There was an old myth that said the gods had long ago hidden something of great value in the Aegis Mountains when they’d bestowed Argolea upon her people. Something no one could keep in their possession for fear of one using it to the detriment of all. Callia had heard the story hundreds of times as a child. Had often looked out at this same view and wondered just what that something was. But today the myth was nothing but a flicker in her mind. Something of great value? She’d already lost everything she’d ever truly valued. And now—even though she hadn’t quite believed she’d been holding on to him somewhere in her heart—she’d lost Zander too.

A knock sounded at her open door, just before a familiar voice called, “Callia?”

Her father, Lord Simon, second highest ranking member of the Council of Elders, stuck his head inside her office. “Am I disturbing you?”

She shook her hair back, adjusted in her seat. Any other day, she wouldn’t relish his company, but today wasn’t exactly a normal day, and anything that kept her from thinking about Zander was probably a good thing. “No. I was just mulling over a case. What are you doing here? I thought you had Council business today.”

“I do.” He stepped into the room, wearing perfectly tailored slacks and a traditional Argolean crisp white shirt buttoned up to his throat with a long collar that looped from one side around his neck to drape over the opposite shoulder. He was close to four hundred years old, but he didn’t look a day over forty. Tall and trim, she’d always thought he was handsome, with those green eyes and that black hair. She liked to think her mother had thought so too, and that it was part of the reason she’d bound herself to him. Not because she’d been forced to.

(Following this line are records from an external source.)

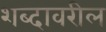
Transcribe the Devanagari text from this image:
शब्दावरील
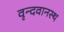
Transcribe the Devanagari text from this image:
वृन्दवानस्थ
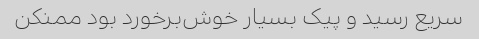
سریع رسید و پیک بسیار خوش‌برخورد بود ممنکن
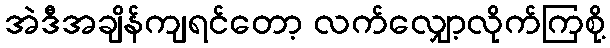
အဲဒီအချိန်ကျရင်တော့ လက်လျှော့လိုက်ကြစို့
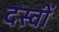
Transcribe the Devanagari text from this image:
दस्वीं
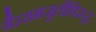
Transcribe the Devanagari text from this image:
गैरसमजुतींविरुद्ध
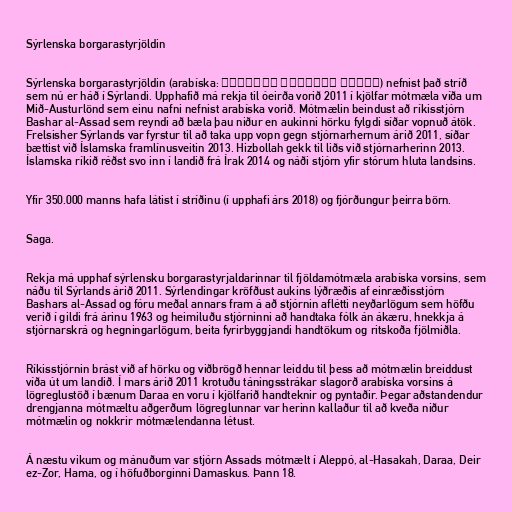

Inwardly, she shook her head as she took in his appearance. Conservative for their race, but relatively modern. Most half-breeds, or Misos, thought Argoleans ran around in Greek togas with grape-leaf wreaths in their hair. They had no idea how similar their worlds were.

“I took a break to bring you a surprise,” her father said. “Thought you could use one. You’ve been preoccupied with work lately.” The disapproval in his voice when he said the word work was more than clear, but she ignored it, as she always did.

When he glanced toward the door, her gaze followed. What was he was up to?

Seconds later another head appeared, only this one she most definitely hadn’t wanted to see today of all days.

Loukas smiled, gleaming white teeth flashing against his tanned skin as he straightened and stepped into the office as if he owned it. “Surprise, Callie.”

Callia rose slowly out of her chair, stiffened, though she tried not to show her reaction. She’d always hated the way he took the liberty of calling her Callie, as if he didn’t approve of her real name and was trying to make her into something of his own. “Loukas. What are you doing here?”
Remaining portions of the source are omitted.